Grammatical Evolution for Genetic Algorithm

The Grammatical Evolution algorithm is inspired by the biological process used for generating a protein from genetic material as well as the broader genetic evolutionary process. The genome is comprised of DNA as a string of building blocks that are transcribed to RNA. RNA codons are in turn translated into sequences of amino-acids and used in the protein. The resulting protein in its environment is the phenotype.

The phenotype is a computer program that is created from a binary string-based genome. The genome is decoded into a sequence of integers that are in turn mapped onto pre-defined rules that makeup the program. The mapping from genotype to the phenotype is a one-to-many process that uses a wrapping feature. This is like the biological process observed in many bacteria, viruses, and mitochondria, where the same genetic material is used in the expression of different genes. The mapping adds robustness to the process both in the ability to adopt structure-agnostic genetic operators used during the evolutionary process on the subsymbolic representation and the transcription of well-formed executable programs from the representation.

The objective of Grammatical Evolution is to adapt an executable program to a problem specic objective function. This is achieved through an iterative process with surrogates of evolutionary mechanisms such as descent with variation, genetic mutation and recombination, and genetic transcription and gene expression. A population of programs are evolved in a sub-symbolic form as variable length binary strings and mapped to a symbolic and well-structured form as a context free grammar for execution.

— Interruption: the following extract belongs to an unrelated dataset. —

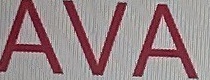
AVA
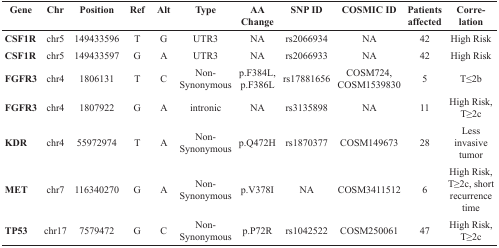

A grammar is defined in Backus Normal Form (BNF), which is a context free grammar expressed as a series of production rules comprised of terminals and non-terminals. A variable-length binary string representation is used for the optimization process. Bits are read from the a candidate solutions genome in blocks of 8 called a codon, and decoded to an integer (in the range between 0 and 2^8 – 1). If the end of the binary string is reached when reading integers, the reading process loops back to the start of the string, effectively creating a circular genome. The integers are mapped to expressions from the BNF until a complete syntactically correct expression is formed. This may not use a solutions entire genome, or use the decoded genome more than once given it’s circular nature.

Grammatical Evolution was designed to optimize programs (such as mathematical equations) to specific cost functions. Classical genetic operators used by the Genetic Algorithm may be used in the Grammatical Evolution algorithm, such as point mutations and one-point crossover. Additional genetic operators may be used with variable-length representations such as codon segments, duplication (add to the end), number of codons selected at random, and deletion.